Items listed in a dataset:

* * * *

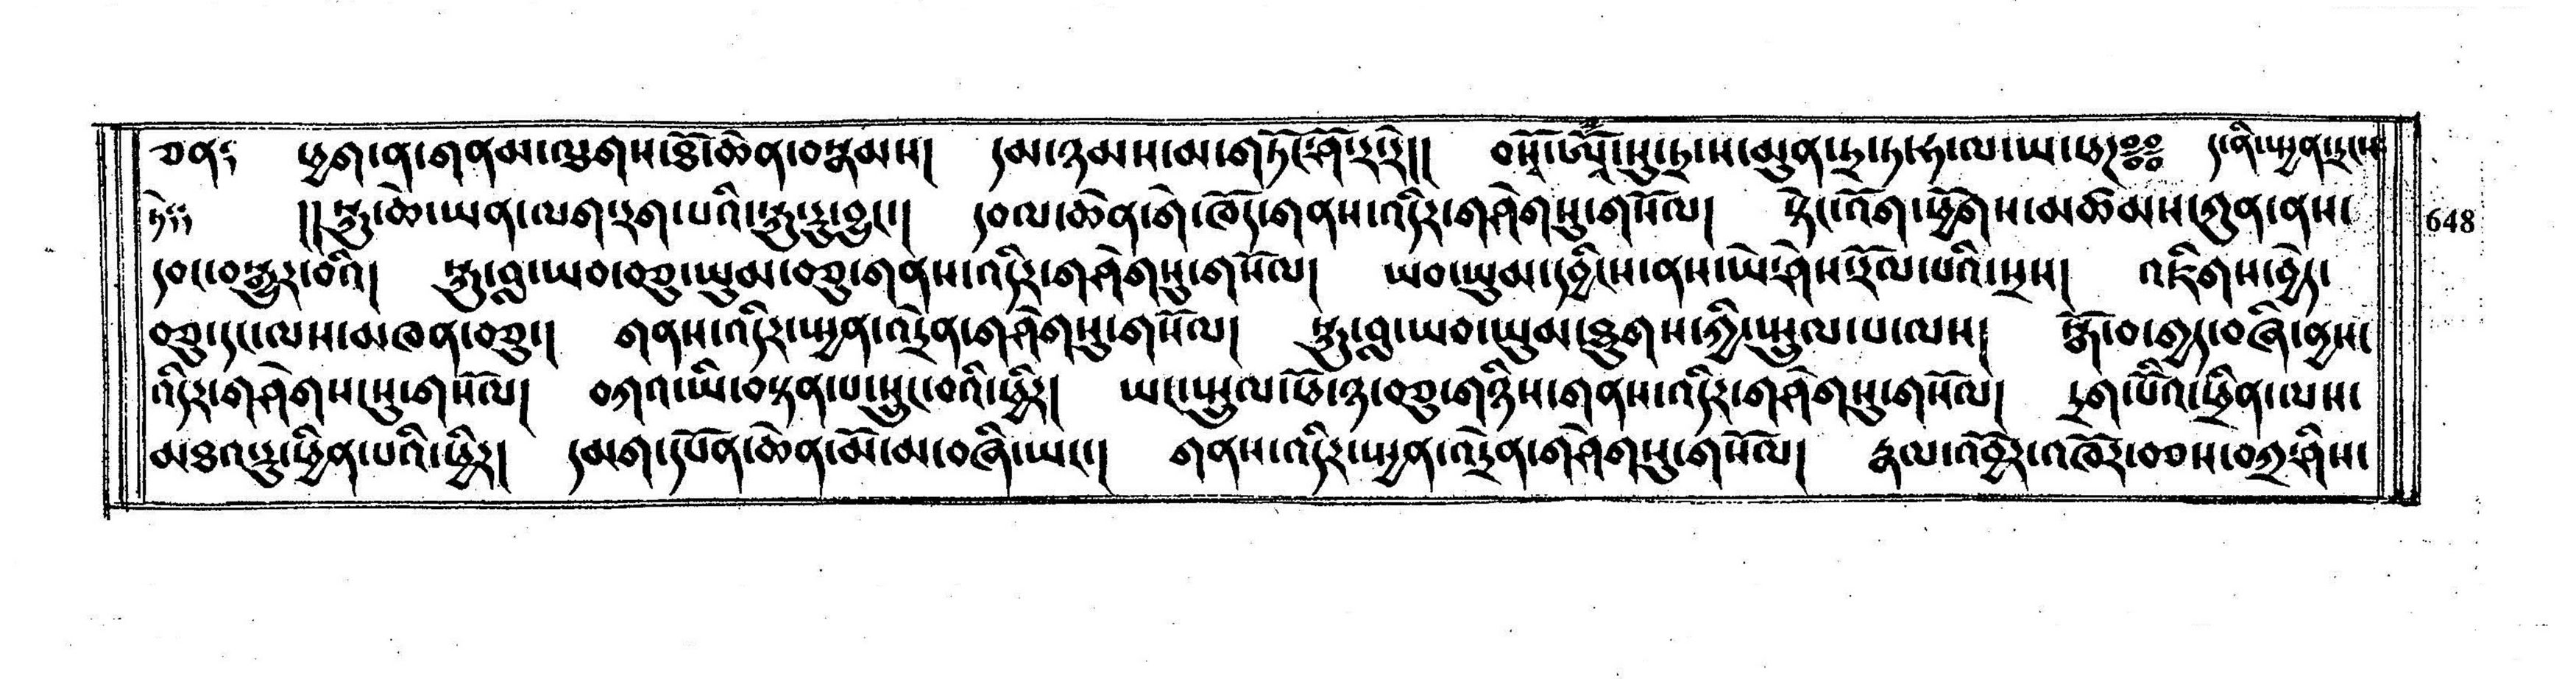ཅན། ཕྱག་ན་གནམ་ལྕགས་ཐོ་ཆེན་བསྣམས། དམ་ཉམས་མ་གཏོང་ཤོ་ར་རེ།། བསྭོ་ཨཱོཾ་སུ་ཏྲ་ས་མུན་ཏྲ་ཏ་ཧ་ལ་ཡ་ཕཊ༔༔ ད་ནི་སྤྱན་དྲངས་
ཏེ།། །།སྐུ་ཆེ་ཡན་ལག་རག་པའི་སྐུ་རུ་བྱུང་། དབལ་ཆེན་གེ་ཁོད་གནས་འདིར་གཤེགས་སུ་གསོལ། སྟེང་འོག་ཕྱོགས་མཚམས་ཀུན་ནས་
དབང་བསྒྱུར་བའི། སྐུ་བླ་ཡབ་བཅུ་ཡུམ་བཅུ་གནས་འདིར་གཤེགས་སུ་གསོལ། ཡབ་ཡུམ་དབྱིངས་ནས་ཡེ་ཤེས་རོལ་པའི་སྲས། འཇིགས་བྱེད་
བཅུ་དང་ལས་མཁན་བཅུ། གནས་འདིར་སྤྱན་འདྲེན་གཤེགས་སུ་གསོལ། སྐུ་བླ་ཡབ་ཡུམ་ཐུགས་ཀྱི་སྤྲུལ་པ་ལས། སྒོ་བ་གྱད་བཞི་གནས་
འདིར་གཤེགས་སུ་གསོལ། བཀའ་ཡི་བསྟན་པ་སྲུང་བའི་ཕྱིར། ཡང་སྤྲུལ་ཕོ་ཉ་བཅུ་གཉིས་གནས་འདིར་གཤེགས་སུ་གསོལ། དྲག་པོའི་ཕྲིན་ལས་
མཐའ་རུ་ཕྱིན་པའི་ཕྱིར། དམག་དཔོན་ཆེན་མོ་མ་བཞི་ཡང་། གནས་འདིར་སྤྱན་འདྲེན་གཤེགས་སུ་གསོལ། རྣལ་འབྱོར་འཁོར་བཅས་བཀྲ་ཤིས་

* * * *

— Task directions —
Output all of the entries once more, word for word, with the images removed.

— Output for this exercise —
ཅན། ཕྱག་ན་གནམ་ལྕགས་ཐོ་ཆེན་བསྣམས། དམ་ཉམས་མ་གཏོང་ཤོ་ར་རེ།། བསྭོ་ཨཱོཾ་སུ་ཏྲ་ས་མུན་ཏྲ་ཏ་ཧ་ལ་ཡ་ཕཊ༔༔ ད་ནི་སྤྱན་དྲངས་
ཏེ།། །།སྐུ་ཆེ་ཡན་ལག་རག་པའི་སྐུ་རུ་བྱུང་། དབལ་ཆེན་གེ་ཁོད་གནས་འདིར་གཤེགས་སུ་གསོལ། སྟེང་འོག་ཕྱོགས་མཚམས་ཀུན་ནས་
དབང་བསྒྱུར་བའི། སྐུ་བླ་ཡབ་བཅུ་ཡུམ་བཅུ་གནས་འདིར་གཤེགས་སུ་གསོལ། ཡབ་ཡུམ་དབྱིངས་ནས་ཡེ་ཤེས་རོལ་པའི་སྲས། འཇིགས་བྱེད་
བཅུ་དང་ལས་མཁན་བཅུ། གནས་འདིར་སྤྱན་འདྲེན་གཤེགས་སུ་གསོལ། སྐུ་བླ་ཡབ་ཡུམ་ཐུགས་ཀྱི་སྤྲུལ་པ་ལས། སྒོ་བ་གྱད་བཞི་གནས་
འདིར་གཤེགས་སུ་གསོལ། བཀའ་ཡི་བསྟན་པ་སྲུང་བའི་ཕྱིར། ཡང་སྤྲུལ་ཕོ་ཉ་བཅུ་གཉིས་གནས་འདིར་གཤེགས་སུ་གསོལ། དྲག་པོའི་ཕྲིན་ལས་
མཐའ་རུ་ཕྱིན་པའི་ཕྱིར། དམག་དཔོན་ཆེན་མོ་མ་བཞི་ཡང་། གནས་འདིར་སྤྱན་འདྲེན་གཤེགས་སུ་གསོལ། རྣལ་འབྱོར་འཁོར་བཅས་བཀྲ་ཤིས་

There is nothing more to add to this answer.